The venerable Upstart Crow is a Boulder institution founded in 1980 on the principle of “humble arrogance.” One of the instigators, for example, proudly works in the bolt aisle at McGuckin Hardware. It’s even on his resume . . . his theatrical resume.
He’s 76-year-old Richard Bell, director of the Crow’s new offering, no less than Anton Chekhov’s “The Seagull.” He and wife Joan Kuder Bell’s upcoming 30th anniversary season will include works by Tom Stoppard, William Shakespeare and Jean Anouihl.

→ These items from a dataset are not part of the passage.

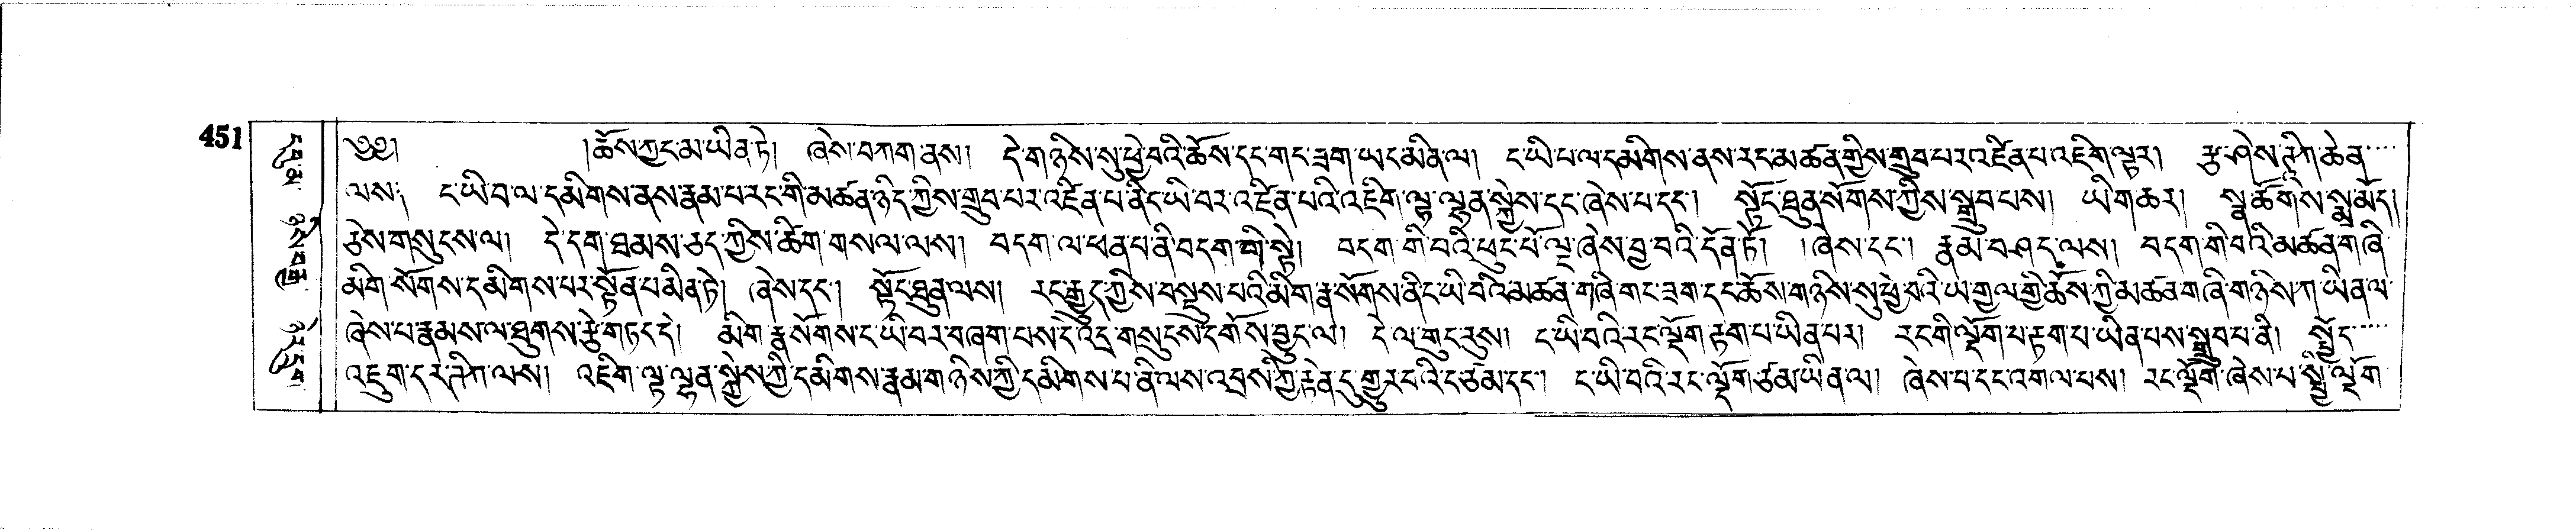༄༅། །ཆོས་ཀྱང་མ་ཡིན་ཏེ། ཞེས་བཀག་ནས། དེ་གཉིས་སུ་ཕྱེ་བའི་ཆོས་དང་གང་ཟག་ཡང་མིན་ལ། ང་ཡི་པ་ལ་དམིགས་ནས་རང་མཚན་གྱིས་གྲུབ་པར་འཛིན་པ་འཇིག་ལྟར། རྩ་ཤེས་ཊཱིཀ་ཆེན་
ལས། ང་ཡི་བ་ལ་དམིགས་ནས་རྣམ་པར་ང་གི་མཚན་ཉིད་ཀྱིས་གྲུབ་པར་འཛིན་པ་ནི་ང་ཡི་བར་འཛིན་པའི་འཇིག་ལྟ་ལྷན་སྐྱེས་དང་ཞེས་པ་དང་། སྟོང་ཐུན་སོགས་ཀྱིས་སྒྲུབ་པས། ཡིག་ཆར། སྣ་ཚོགས་སྨྲ་མོད།
ཅེས་གསུངས་ལ། དེ་དག་ཐམས་ཅད་ཀྱིས་ཚིག་གསལ་ལས། བདག་ལ་ཕན་པ་ནི་བདག་གི་སྟེ། བདག་གི་བའི་ཕུང་པོ་ལྔ་ཞེས་བྱ་བའི་དོན་ཏོ། །ཞེས་དང་། རྣམ་བཤད་ལས། བདག་གི་བའི་མཚན་གཞི་
མིག་སོགས་དམིགས་པར་སྟོན་པ་མིན་ཏེ། ཞེས་དང་། སྟོང་ཐུན་ལས། རང་རྒྱུད་ཀྱིས་བསྡུས་པའི་མིག་རྣ་སོགས་ནི་ང་ཡི་བའི་མཚན་གཞི་གང་ཟག་དང་ཆོས་གཉིས་སུ་ཕྱེ་བའི་ཡ་གྱལ་གྱི་ཆོས་ཀྱི་མཚན་གཞི་གཉིས་ཀ་ཡིན་ལ་
ཞེས་པ་རྣམས་ལ་ཐུགས་རྩེ་གཏང་དེ། མིག་རྣ་སོགས་ང་ཡི་བར་བཞག་པས་དེ་འདྲ་གསུངས་དགོས་བྱུང་ལ། དེ་ལ་གུང་རུས། ང་ཡི་བའི་རང་ལྡོག་རྟག་པ་ཡིན་པར། རང་གི་ལྡོག་པ་རྟག་པ་ཡིན་པས་སྒྲུབ་པ་ནི། སྤྱོད་
འཇུག་དར་ཊིཀ་ལས། འཇིག་ལྟ་ལྷན་སྐྱེས་ཀྱི་དམིགས་རྣམ་གཉིས་ཀྱི་དམིགས་པ་ནི་ལས་འབྲས་ཀྱི་རྟེན་དུ་གྱུར་བའི་ང་ཙམ་དང་། ང་ཡི་བའི་རང་ལྡོག་ཙམ་ཡིན་ལ། ཞེས་པ་དང་འགལ་པས། རང་ལྡོག་ཞེས་པ་སྤྱི་ལྡོག་

Talk about your humble arrogance.
Upstart Crow is a community ensemble made up of students, retirees and real-world creative folks who just want to put on a show. But they dabble with nothing less than the classics, which might span anyone from Moliere to Beckett. No Neil Simon or “Greater Tuna” in sight.

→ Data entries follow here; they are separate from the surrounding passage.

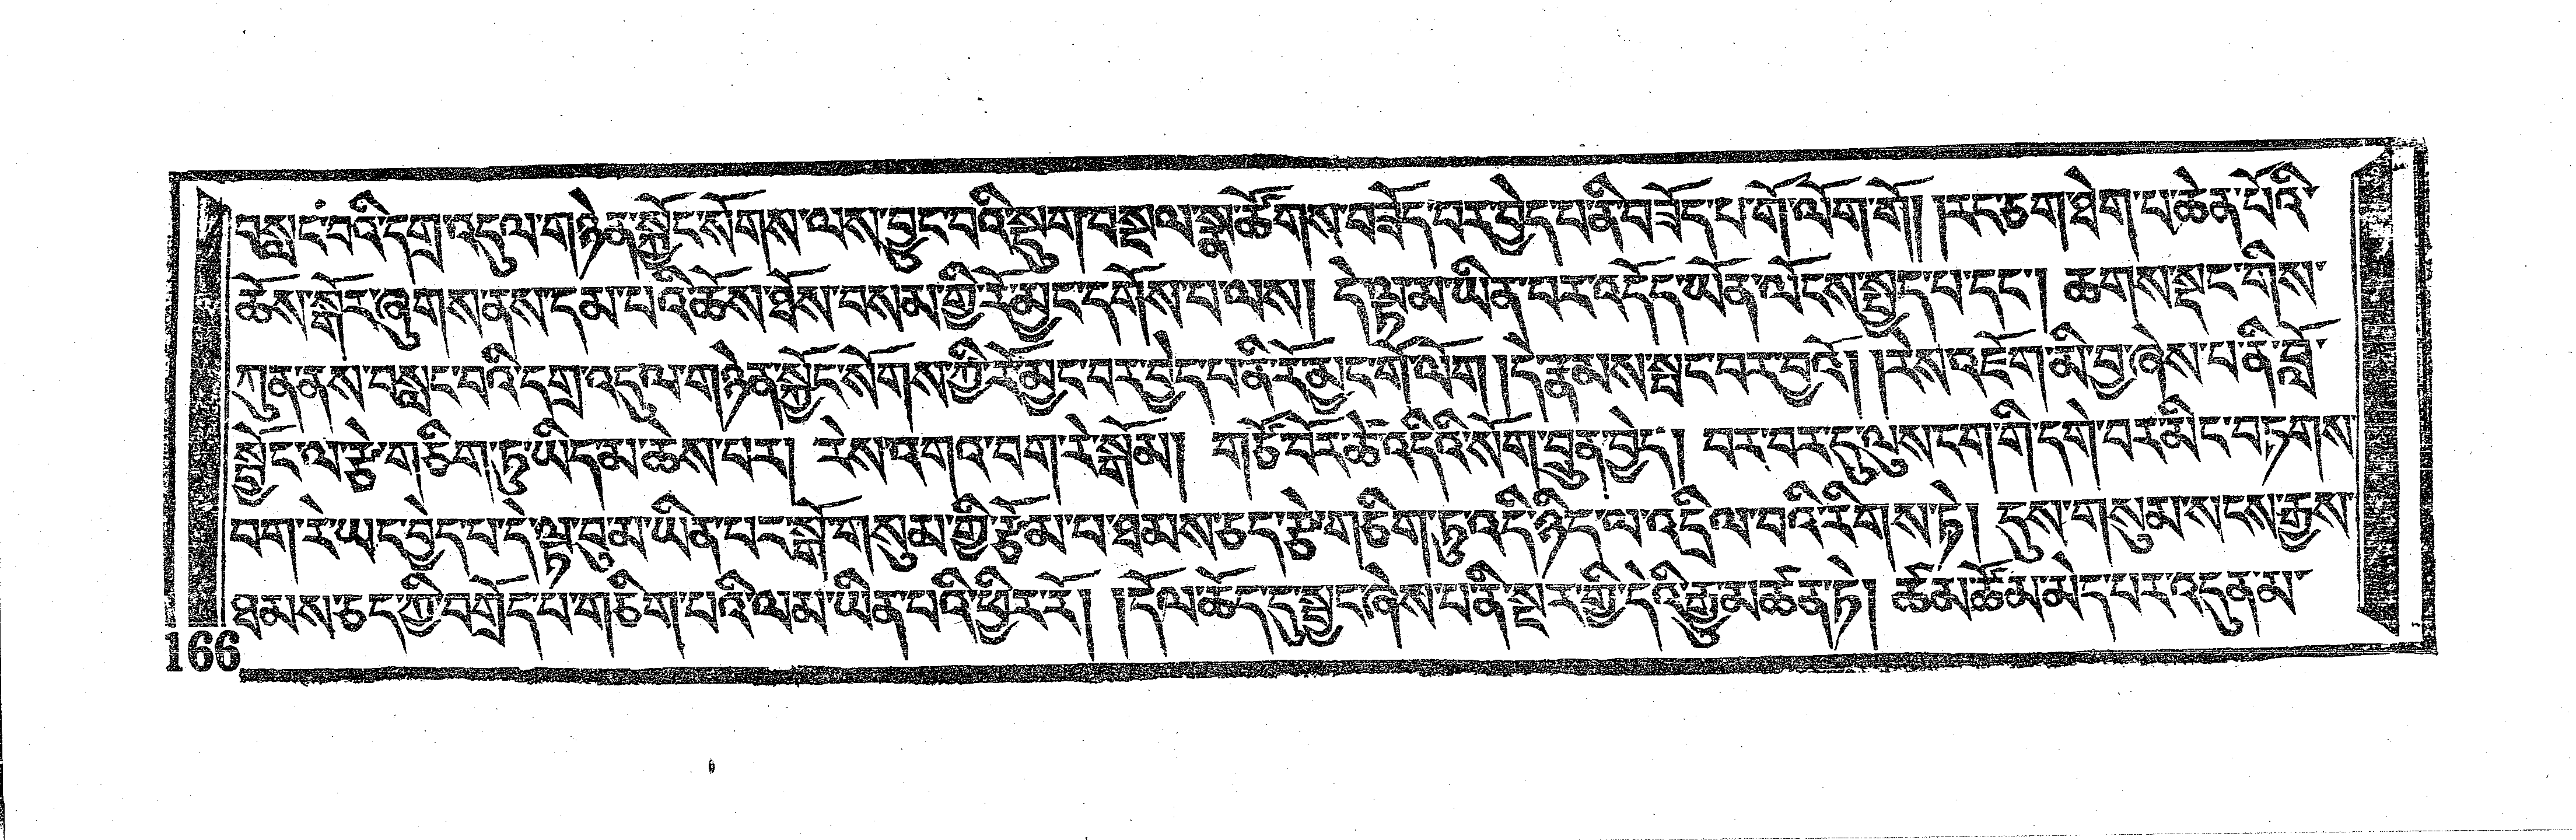བསླང་བའི་དགྲ་འདུལ་གཉེན་སྐྱོང་སོགས་ལས་བྱུང་བའི་སྡུག་བསྔལ་སྣ་ཚོགས་བཟོད་པར་བྱེད་པ་ནི་བཟོད་པ་གོ་ལོག་གོ ། །རང་ཅག་ཐེག་པ་ཆེན་པོའི་
ཆོས་སྒོར་ཞུགས་ནས་དམ་པའི་ཆོས་ཐོས་བསམ་གྱི་རོ་མྱང་དགོས་པ་ལས། དེ་ལྟ་མ་ཡིན་པར་འདོད་ཡོན་ལོངས་སྤྱད་པ་དང་། ཆགས་སྡང་གིས་
ཀུན་ནས་བསླང་བའི་དགྲ་འདུལ་གཉེན་སྐྱོང་སོགས་ཀྱི་རོ་མྱང་བར་བྱེད་པ་ནི་རོ་མྱང་གོ་ལོག །དེ་རྣམས་སྤང་བར་བྱའོ། །རེས་འཇོག་མི་བྱ་ཞེས་པ་ནི་བློ་
སྦྱོང་ལ་རྩེ་གཅིག་ཏུ་ཡིད་མ་ཆེས་པར། རེས་འགའ་བག་རེ་སྒོམ། གཙོ་བོར་ཚེ་འདིའི་སོག་བྲུན་བྱེད། བར་བར་དུ་ལུས་ངག་གི་དགེ་བར་མིང་བཏགས་
བག་རེ་ཡང་བྱེད་པ་དེ་ལྟ་བུ་མ་ཡིན་པར་སྒོ་གསུམ་གྱི་རྩོམ་པ་ཐམས་ཅད་རྩེ་གཅིག་ཏུ་འདི་ཉིད་ལ་འདྲིལ་བའི་རིགས་ཏེ། དུས་གསུམ་སངས་རྒྱས་
ཐམས་ཅད་ཀྱི་བགྲོད་པ་གཅིག་པའི་ལམ་ཡིན་པའི་ཕྱིར་རོ། །དོལ་ཆོད་དུ་སྦྱང་ཞེས་པ་ནི་སྔར་གྱི་དེའི་རྒྱུ་མཚན་ཏེ། ཚམ་ཚོམ་མེད་པར་འདུན་མ་

That they’ll only scratch the surface of “The Seagull” is evident from the opening line. And to their robust fan base, this is utterly secondary to the spirit of the attempt. The Crow is a place to learn, to play, to grow. It’s a place where every actor helps out with the technical work, the costume-making, the cleanup and everything between.
So when you are the outsider sitting in consideration of “The Seagull,” you’re not wrong to note the nervousness, the occasional steamrolling of lines.
But you’re a minority of one. This is the last place for a critic to be rousting about.
“The Seagull” is a monstrous challenge. Fully plumbed, it’s a devastatingly cruel chain of unrequited loves. A teacher named Semyon (Rock Solomon) marries Masha (Jessica Robinson), though she catatonically pines for Kostya (Joseph Illingworth), a failing young writer who’s morosely tethered to aspiring actress Nina (Hannah Marie Hines), who in turn yearns for the famous author Trigorin (Greg Christopher) who uses her and then tosses her aside. Whew.
And these are not just passing fancies. These are deep longings that drive the loveless to desperation. Chekhov’s text is filled with brilliantly sad musings about the timeless, incurable affliction of loving someone to wretchedness. How, Masha asks, does one tear love out of one’s heart by its roots? Not time, not distance, not children can.
But this is only a surface exploration. Hines shows great promise as Nina; and there’s a nice confrontation between Kostya and his awful mother, Irina (Mary Herndon Bell), whose dismissal of her son’s writing as decadent trash hastens his suicide attempt. But the full emotional pathos here remains largely unplumbed.
In his program notes, Richard Bell actually makes a case for “The Seagull” being a comedy, at least in structure: It’s character-driven, there’s little plot, and, now that you mention it, you do see a lot more boo-hooing in, say, “I Love Lucy” than “King Lear.”
But “The Seagull” is pretty much the Russian “Hamlet.” The idle young prince who’s jealous of his stepfather stages a play-in-a-play. Unclaimed love drives our Ophelia (Nina) to the brink. The characters twice quote “Hamlet.”
“The Seagull,” written in 1895, also comments on changing attitudes about writing and theater. It equates the burden of artistic drive to Jesus’ cross. But at heart, it’s the greatest love story never told.
The title refers to a bird Kostya has shot out of pure melancholy. When he dumps it at Nina’s feet, he unknowingly kills any chance he might have to be with her. For here is this gull that lives all her life happy and free, until some man comes along and, out of sheer boredom, destroys her. And in that bird, Nina sees herself.
The question is, who’s holding the gun?